**Information supplied**
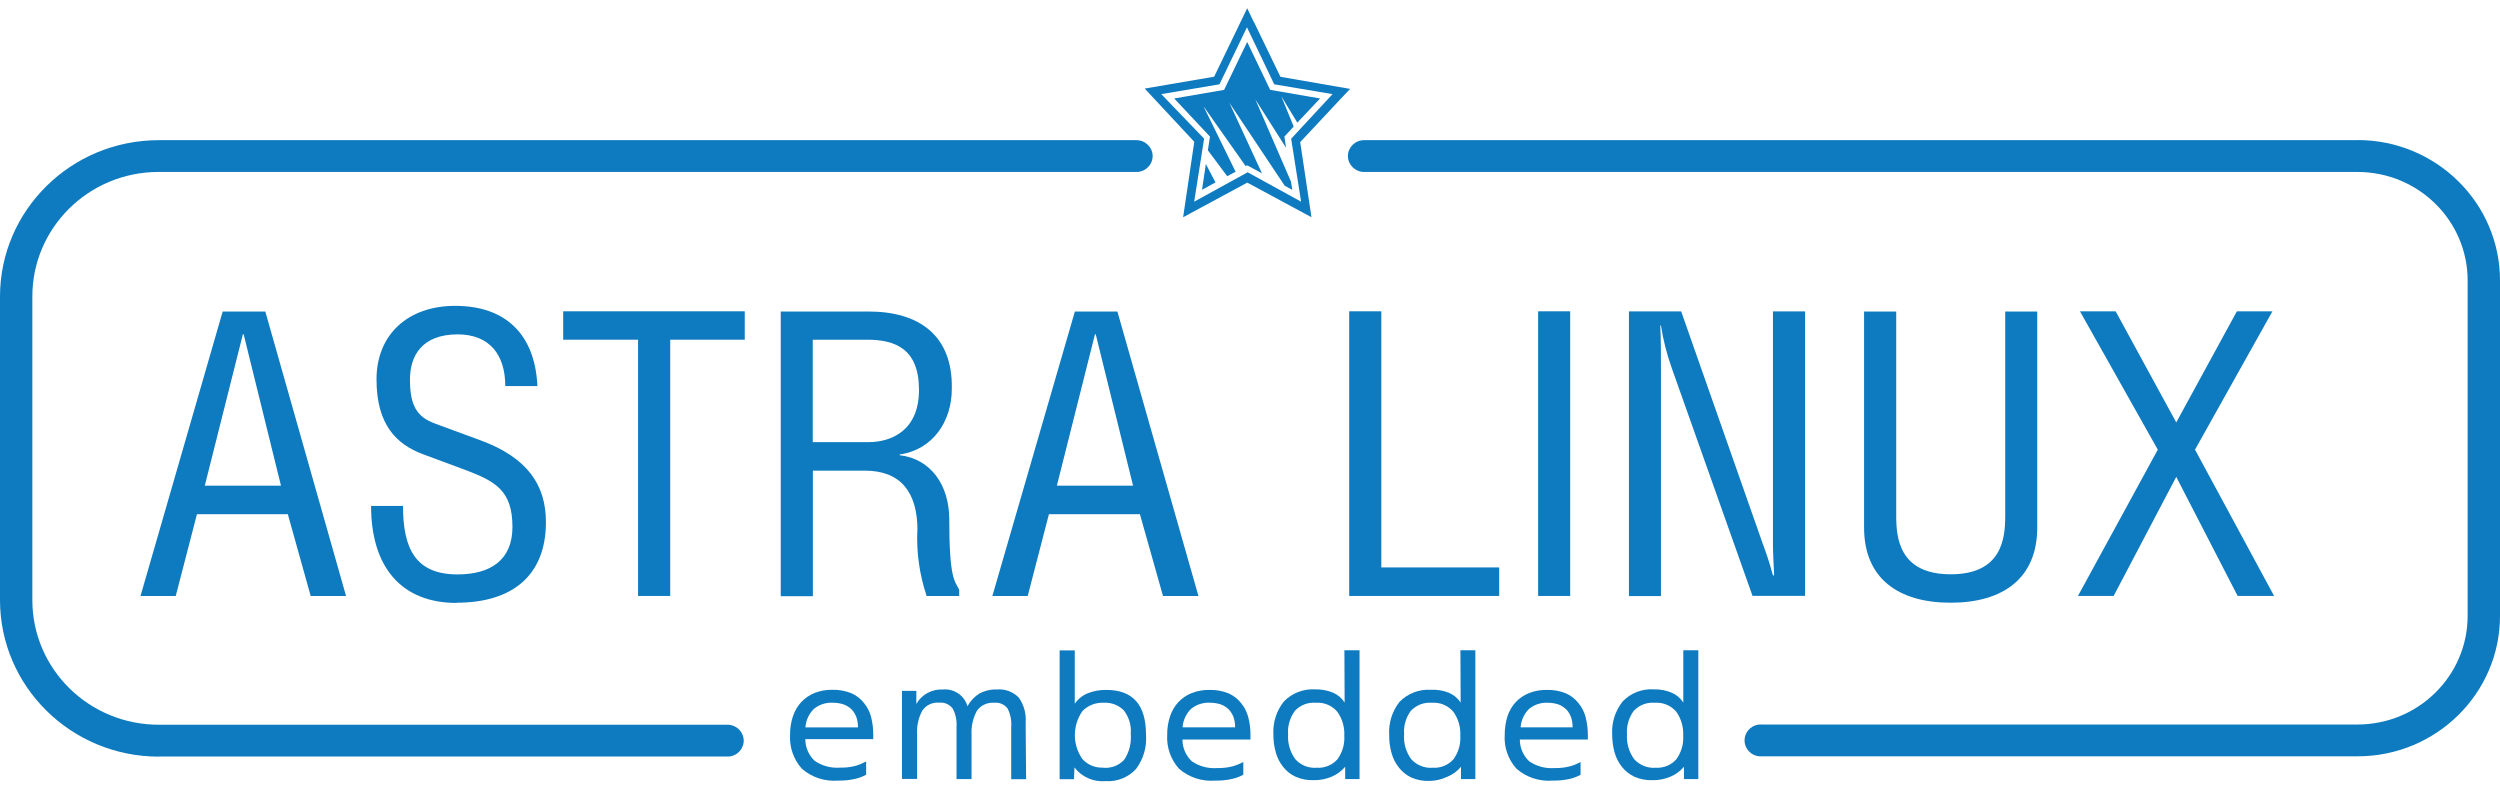 <svg width="152" height="48" viewBox="0 0 152 48" fill="none" xmlns="http://www.w3.org/2000/svg">
<path d="M76.232 1.341L75.829 0.5L73.821 4.663L69.598 5.385L72.612 8.621L71.934 13.208L75.835 11.103L79.737 13.208L79.052 8.641L81.523 6L82.087 5.405L77.85 4.67L76.245 1.347L76.232 1.341ZM78.501 8.429L79.106 12.262L75.856 10.475L72.606 12.262L73.21 8.429L70.605 5.722L74.143 5.127L75.815 1.659L77.474 5.127L81.019 5.722L78.508 8.429H78.501Z" fill="#0E7ABF"/>
<path d="M75.829 2.552L74.426 5.464L71.391 5.987L73.566 8.304L73.439 9.138L74.614 10.713L75.124 10.441L73.17 6.457L75.735 10.097L75.829 10.051L76.729 10.541L74.748 6.252L78.112 11.295L78.569 11.54L78.495 11.05L76.326 6.047L78.192 8.985L78.092 8.304L78.656 7.695L77.904 5.855L78.877 7.456L80.261 5.987L77.226 5.464L75.829 2.552Z" fill="#0E7ABF"/>
<path d="M73.082 11.54L73.901 11.09L73.317 9.972L73.082 11.54Z" fill="#0E7ABF"/>
<path d="M8.543 36.235H10.685L11.974 31.264H17.5L18.89 36.235H21.039L16.131 18.94H13.539L8.543 36.235ZM14.814 20.323L17.084 29.53H12.451L14.767 20.323H14.814Z" fill="#0E7ABF"/>
<path d="M27.76 36.645C31.124 36.645 33.192 35.01 33.192 31.747C33.192 29.464 32.044 27.829 29.264 26.79L26.457 25.757C25.336 25.347 24.926 24.652 24.926 23.07C24.926 21.627 25.658 20.33 27.827 20.33C29.774 20.33 30.721 21.581 30.721 23.474H32.675C32.527 20.304 30.721 18.596 27.672 18.596C24.819 18.596 22.892 20.323 22.892 23.07C22.892 25.817 24.1 27.015 25.718 27.617L28.303 28.577C30.083 29.252 31.157 29.801 31.157 32.038C31.157 34.077 29.794 34.924 27.813 34.924C25.228 34.924 24.503 33.309 24.503 30.761H22.562C22.562 34.494 24.416 36.658 27.76 36.658V36.645Z" fill="#0E7ABF"/>
<path d="M40.749 36.234V20.654H45.281V18.927H34.242V20.654H38.795V36.234H40.749Z" fill="#0E7ABF"/>
<path d="M55.775 32.217C55.714 33.581 55.902 34.937 56.339 36.235H58.319V35.851C58.051 35.321 57.715 35.202 57.715 31.595C57.715 29.457 56.567 27.895 54.7 27.677V27.63C56.721 27.346 57.87 25.612 57.87 23.646C57.937 20.396 55.882 18.94 52.807 18.94H47.469V36.248H49.423V28.616H52.592C54.761 28.616 55.781 29.934 55.781 32.224L55.775 32.217ZM49.416 20.654H52.726C54.432 20.654 55.875 21.21 55.875 23.705C55.875 26.201 54.17 26.882 52.8 26.882H49.416V20.654Z" fill="#0E7ABF"/>
<path d="M70.717 36.235H72.865L67.937 18.94H65.352L60.336 36.235H62.485L63.774 31.264H69.307L70.71 36.235H70.717ZM64.257 29.53L66.574 20.323H66.621L68.89 29.53H64.257Z" fill="#0E7ABF"/>
<path d="M82.031 18.927V36.234H91.15V34.5H83.985V18.927H82.031Z" fill="#0E7ABF"/>
<path d="M95.467 18.927H93.519V36.234H95.467V18.927Z" fill="#0E7ABF"/>
<path d="M107.184 33.084L102.215 18.933H99.039V36.241H100.986V22.428C100.986 21.541 100.986 20.641 100.946 19.787H100.986C101.121 20.667 101.342 21.541 101.644 22.382L106.553 36.228H109.749V18.933H107.795V33.058C107.795 33.653 107.842 34.355 107.869 34.984H107.795C107.58 34.189 107.405 33.68 107.184 33.078V33.084Z" fill="#0E7ABF"/>
<path d="M113.336 18.94V32.078C113.336 35.156 115.404 36.645 118.6 36.645C121.796 36.645 123.864 35.149 123.864 32.078V18.94H121.917V31.383C121.917 32.727 121.722 34.917 118.607 34.917C115.491 34.917 115.29 32.727 115.29 31.383V18.94H113.343H113.336Z" fill="#0E7ABF"/>
<path d="M128.509 36.234L132.316 28.994L136.049 36.234H138.265L133.457 27.339L138.164 18.927H136.002L132.316 25.684L128.63 18.927H126.461L131.194 27.339L126.34 36.234H128.509Z" fill="#0E7ABF"/>
<path d="M9.656 45.997H44.31C44.853 45.957 45.256 45.487 45.216 44.958C45.176 44.481 44.793 44.104 44.31 44.064H9.656C5.412 44.064 1.974 40.682 1.967 36.499C1.967 36.499 1.967 36.493 1.967 36.486V18.046C1.954 13.87 5.378 10.468 9.615 10.455C9.629 10.455 9.642 10.455 9.649 10.455H69.1C69.644 10.455 70.08 10.018 70.08 9.488C70.08 8.959 69.637 8.522 69.1 8.522H9.656C4.324 8.522 0 12.784 0 18.04V36.479C0 41.735 4.317 45.997 9.649 46.004L9.656 45.997Z" fill="#0E7ABF"/>
<path d="M143.331 8.522H82.933C82.39 8.522 81.953 8.959 81.953 9.488C81.953 10.018 82.396 10.455 82.933 10.455H143.331C147.031 10.455 150.032 13.407 150.032 17.054V37.446C150.032 41.093 147.031 44.051 143.331 44.051H107.126C106.582 44.012 106.112 44.409 106.072 44.945C106.032 45.481 106.435 45.944 106.978 45.984C107.032 45.984 107.079 45.984 107.133 45.984H143.338C148.119 45.984 152 42.158 152 37.446V17.054C152 12.341 148.119 8.515 143.338 8.515L143.331 8.522Z" fill="#0E7ABF"/>
<path d="M52.67 47.096C52.462 47.215 52.233 47.301 51.998 47.354C51.663 47.434 51.313 47.467 50.964 47.46C50.158 47.526 49.359 47.268 48.755 46.739C48.252 46.176 47.99 45.435 48.037 44.68C48.03 44.296 48.09 43.912 48.211 43.548C48.319 43.231 48.486 42.933 48.715 42.688C48.943 42.443 49.218 42.258 49.527 42.132C49.87 42 50.232 41.933 50.595 41.94C50.991 41.927 51.387 42 51.757 42.145C52.059 42.278 52.327 42.483 52.529 42.741C52.737 42.992 52.885 43.29 52.965 43.601C53.052 43.946 53.093 44.303 53.093 44.66V44.938H48.963C48.963 45.435 49.165 45.911 49.527 46.255C49.977 46.566 50.521 46.712 51.065 46.672C51.387 46.679 51.703 46.646 52.012 46.566C52.24 46.5 52.455 46.408 52.663 46.295V47.089L52.67 47.096ZM52.166 44.224C52.166 44.025 52.139 43.82 52.079 43.628C52.018 43.456 51.924 43.297 51.803 43.158C51.669 43.019 51.508 42.913 51.327 42.84C51.119 42.767 50.904 42.728 50.682 42.728C50.246 42.694 49.809 42.827 49.474 43.111C49.178 43.409 48.997 43.806 48.97 44.224H52.159H52.166Z" fill="#0E7ABF"/>
<path d="M75.599 47.096C75.391 47.215 75.163 47.301 74.928 47.354C74.592 47.434 74.243 47.467 73.894 47.46C73.088 47.526 72.289 47.268 71.685 46.739C71.181 46.176 70.919 45.435 70.966 44.68C70.96 44.296 71.02 43.912 71.141 43.548C71.248 43.231 71.416 42.933 71.644 42.688C71.873 42.45 72.148 42.258 72.457 42.139C72.799 42.006 73.162 41.94 73.525 41.947C73.921 41.933 74.317 42.006 74.686 42.152C74.988 42.284 75.257 42.489 75.458 42.748C75.666 42.999 75.814 43.297 75.895 43.608C75.989 43.959 76.029 44.323 76.029 44.687V44.965H71.893C71.893 45.461 72.094 45.938 72.457 46.282C72.907 46.593 73.451 46.739 73.995 46.699C74.317 46.705 74.632 46.672 74.941 46.593C75.17 46.527 75.385 46.441 75.593 46.328V47.096H75.599ZM75.096 44.223C75.096 44.025 75.069 43.82 75.008 43.628C74.948 43.456 74.854 43.297 74.733 43.158C74.599 43.019 74.438 42.913 74.257 42.84C74.048 42.767 73.834 42.728 73.612 42.728C73.175 42.694 72.739 42.827 72.403 43.111C72.108 43.409 71.927 43.806 71.9 44.223H75.089H75.096Z" fill="#0E7ABF"/>
<path d="M62.394 47.374H61.481V44.19C61.514 43.806 61.434 43.416 61.259 43.072C61.071 42.827 60.769 42.695 60.453 42.728C60.03 42.695 59.627 42.88 59.392 43.224C59.151 43.668 59.043 44.171 59.07 44.674V47.367H58.157V44.184C58.184 43.8 58.103 43.416 57.922 43.078C57.727 42.82 57.411 42.688 57.089 42.721C56.68 42.688 56.29 42.88 56.069 43.218C55.834 43.668 55.726 44.164 55.76 44.667V47.361H54.84V42.006H55.713V42.8C56.035 42.225 56.666 41.887 57.331 41.92C58.009 41.861 58.64 42.284 58.822 42.94C58.989 42.628 59.238 42.364 59.54 42.172C59.869 41.993 60.238 41.907 60.608 41.92C61.105 41.874 61.601 42.059 61.944 42.417C62.253 42.853 62.401 43.39 62.36 43.919L62.387 47.354L62.394 47.374Z" fill="#0E7ABF"/>
<path d="M65.299 47.374H64.426V39.544H65.346V42.787C65.547 42.496 65.829 42.264 66.165 42.139C66.514 42.006 66.89 41.94 67.266 41.947C68.878 41.947 69.677 42.853 69.677 44.667C69.737 45.408 69.522 46.15 69.072 46.752C68.602 47.268 67.917 47.539 67.212 47.493C66.481 47.553 65.769 47.242 65.326 46.659L65.299 47.381V47.374ZM67.065 46.679C67.548 46.725 68.025 46.547 68.354 46.189C68.663 45.726 68.797 45.17 68.75 44.621C68.797 44.111 68.643 43.601 68.327 43.191C68.011 42.873 67.575 42.701 67.118 42.728C66.628 42.701 66.145 42.886 65.809 43.237C65.198 44.118 65.198 45.276 65.809 46.15C66.125 46.5 66.581 46.692 67.058 46.672L67.065 46.679Z" fill="#0E7ABF"/>
<path d="M81.733 39.537H82.66V47.367H81.787V46.619C81.565 46.877 81.29 47.083 80.981 47.215C80.625 47.367 80.243 47.447 79.853 47.434C79.484 47.447 79.115 47.374 78.779 47.228C78.483 47.096 78.222 46.891 78.02 46.633C77.812 46.374 77.657 46.077 77.57 45.752C77.469 45.395 77.416 45.018 77.422 44.647C77.382 43.926 77.611 43.217 78.06 42.648C78.557 42.139 79.256 41.867 79.974 41.913C80.343 41.907 80.713 41.973 81.055 42.119C81.344 42.244 81.586 42.45 81.753 42.714L81.74 39.531L81.733 39.537ZM79.994 42.728C79.517 42.688 79.047 42.873 78.725 43.224C78.423 43.641 78.275 44.151 78.316 44.66C78.282 45.19 78.436 45.719 78.752 46.156C79.081 46.527 79.564 46.719 80.055 46.679C80.531 46.712 81.001 46.52 81.317 46.163C81.619 45.746 81.767 45.243 81.733 44.726C81.76 44.21 81.612 43.7 81.31 43.277C80.988 42.893 80.498 42.688 79.994 42.728Z" fill="#0E7ABF"/>
<path d="M88.787 39.537H89.701V47.367H88.828V46.619C88.613 46.877 88.338 47.083 88.022 47.215C87.666 47.387 87.283 47.48 86.887 47.48C86.518 47.493 86.149 47.42 85.813 47.275C85.517 47.136 85.262 46.931 85.061 46.679C84.853 46.421 84.698 46.123 84.611 45.799C84.504 45.441 84.457 45.064 84.463 44.693C84.416 43.972 84.638 43.251 85.088 42.675C85.585 42.165 86.283 41.894 87.001 41.94C87.377 41.92 87.753 41.98 88.103 42.125C88.391 42.251 88.64 42.456 88.808 42.721L88.794 39.531L88.787 39.537ZM87.048 42.728C86.572 42.688 86.102 42.873 85.773 43.224C85.47 43.641 85.329 44.151 85.37 44.66C85.329 45.19 85.484 45.719 85.799 46.156C86.128 46.52 86.612 46.719 87.109 46.679C87.585 46.712 88.055 46.52 88.371 46.163C88.673 45.746 88.821 45.243 88.787 44.726C88.814 44.21 88.667 43.7 88.364 43.277C88.042 42.893 87.552 42.688 87.048 42.728Z" fill="#0E7ABF"/>
<path d="M96.112 47.096C95.904 47.215 95.683 47.301 95.448 47.354C95.112 47.434 94.763 47.467 94.413 47.46C93.608 47.526 92.809 47.268 92.204 46.739C91.694 46.176 91.439 45.435 91.486 44.68C91.486 44.296 91.54 43.912 91.654 43.548C91.761 43.231 91.929 42.933 92.157 42.688C92.379 42.45 92.661 42.264 92.963 42.139C93.306 42.006 93.668 41.94 94.037 41.947C94.434 41.933 94.83 42.006 95.199 42.152C95.501 42.284 95.77 42.489 95.971 42.748C96.18 42.999 96.327 43.297 96.408 43.608C96.495 43.959 96.542 44.323 96.542 44.687V44.965H92.406C92.406 45.461 92.607 45.938 92.97 46.282C93.42 46.593 93.964 46.739 94.507 46.699C94.83 46.705 95.145 46.672 95.454 46.593C95.683 46.533 95.897 46.441 96.099 46.328V47.096H96.112ZM95.615 44.223C95.615 44.025 95.589 43.82 95.528 43.628C95.468 43.456 95.374 43.29 95.253 43.158C95.119 43.019 94.957 42.913 94.783 42.84C94.575 42.767 94.353 42.728 94.132 42.728C93.702 42.701 93.285 42.834 92.957 43.111C92.661 43.409 92.48 43.806 92.453 44.223H95.622H95.615Z" fill="#0E7ABF"/>
<path d="M102.338 39.537H103.258V47.367H102.385V46.619C102.17 46.877 101.888 47.083 101.579 47.215C101.223 47.367 100.84 47.447 100.451 47.434C100.082 47.447 99.712 47.374 99.376 47.228C99.081 47.089 98.819 46.884 98.618 46.633C98.41 46.368 98.255 46.07 98.168 45.752C98.067 45.395 98.02 45.018 98.02 44.647C97.98 43.926 98.208 43.217 98.658 42.648C99.148 42.132 99.853 41.861 100.572 41.913C100.941 41.907 101.31 41.973 101.646 42.119C101.935 42.244 102.177 42.45 102.344 42.714V39.531L102.338 39.537ZM100.599 42.728C100.122 42.688 99.652 42.873 99.329 43.224C99.027 43.641 98.88 44.151 98.92 44.66C98.886 45.19 99.041 45.719 99.356 46.156C99.685 46.52 100.169 46.719 100.659 46.679C101.136 46.712 101.606 46.52 101.921 46.163C102.224 45.746 102.371 45.243 102.338 44.726C102.365 44.21 102.217 43.7 101.921 43.277C101.599 42.893 101.102 42.688 100.599 42.728Z" fill="#0E7ABF"/>
</svg>

**Exercise instructions**
Only the lines above from the line containing "45.997H44.31C44.853 45.957 45.256" through the line containing "47.096C52.462 47.215 52.233" should be retyped, exactly and with both ends included.

**Solution for this task**
<path d="M9.656 45.997H44.31C44.853 45.957 45.256 45.487 45.216 44.958C45.176 44.481 44.793 44.104 44.31 44.064H9.656C5.412 44.064 1.974 40.682 1.967 36.499C1.967 36.499 1.967 36.493 1.967 36.486V18.046C1.954 13.87 5.378 10.468 9.615 10.455C9.629 10.455 9.642 10.455 9.649 10.455H69.1C69.644 10.455 70.08 10.018 70.08 9.488C70.08 8.959 69.637 8.522 69.1 8.522H9.656C4.324 8.522 0 12.784 0 18.04V36.479C0 41.735 4.317 45.997 9.649 46.004L9.656 45.997Z" fill="#0E7ABF"/>
<path d="M143.331 8.522H82.933C82.39 8.522 81.953 8.959 81.953 9.488C81.953 10.018 82.396 10.455 82.933 10.455H143.331C147.031 10.455 150.032 13.407 150.032 17.054V37.446C150.032 41.093 147.031 44.051 143.331 44.051H107.126C106.582 44.012 106.112 44.409 106.072 44.945C106.032 45.481 106.435 45.944 106.978 45.984C107.032 45.984 107.079 45.984 107.133 45.984H143.338C148.119 45.984 152 42.158 152 37.446V17.054C152 12.341 148.119 8.515 143.338 8.515L143.331 8.522Z" fill="#0E7ABF"/>
<path d="M52.67 47.096C52.462 47.215 52.233 47.301 51.998 47.354C51.663 47.434 51.313 47.467 50.964 47.46C50.158 47.526 49.359 47.268 48.755 46.739C48.252 46.176 47.99 45.435 48.037 44.68C48.03 44.296 48.09 43.912 48.211 43.548C48.319 43.231 48.486 42.933 48.715 42.688C48.943 42.443 49.218 42.258 49.527 42.132C49.87 42 50.232 41.933 50.595 41.94C50.991 41.927 51.387 42 51.757 42.145C52.059 42.278 52.327 42.483 52.529 42.741C52.737 42.992 52.885 43.29 52.965 43.601C53.052 43.946 53.093 44.303 53.093 44.66V44.938H48.963C48.963 45.435 49.165 45.911 49.527 46.255C49.977 46.566 50.521 46.712 51.065 46.672C51.387 46.679 51.703 46.646 52.012 46.566C52.24 46.5 52.455 46.408 52.663 46.295V47.089L52.67 47.096ZM52.166 44.224C52.166 44.025 52.139 43.82 52.079 43.628C52.018 43.456 51.924 43.297 51.803 43.158C51.669 43.019 51.508 42.913 51.327 42.84C51.119 42.767 50.904 42.728 50.682 42.728C50.246 42.694 49.809 42.827 49.474 43.111C49.178 43.409 48.997 43.806 48.97 44.224H52.159H52.166Z" fill="#0E7ABF"/>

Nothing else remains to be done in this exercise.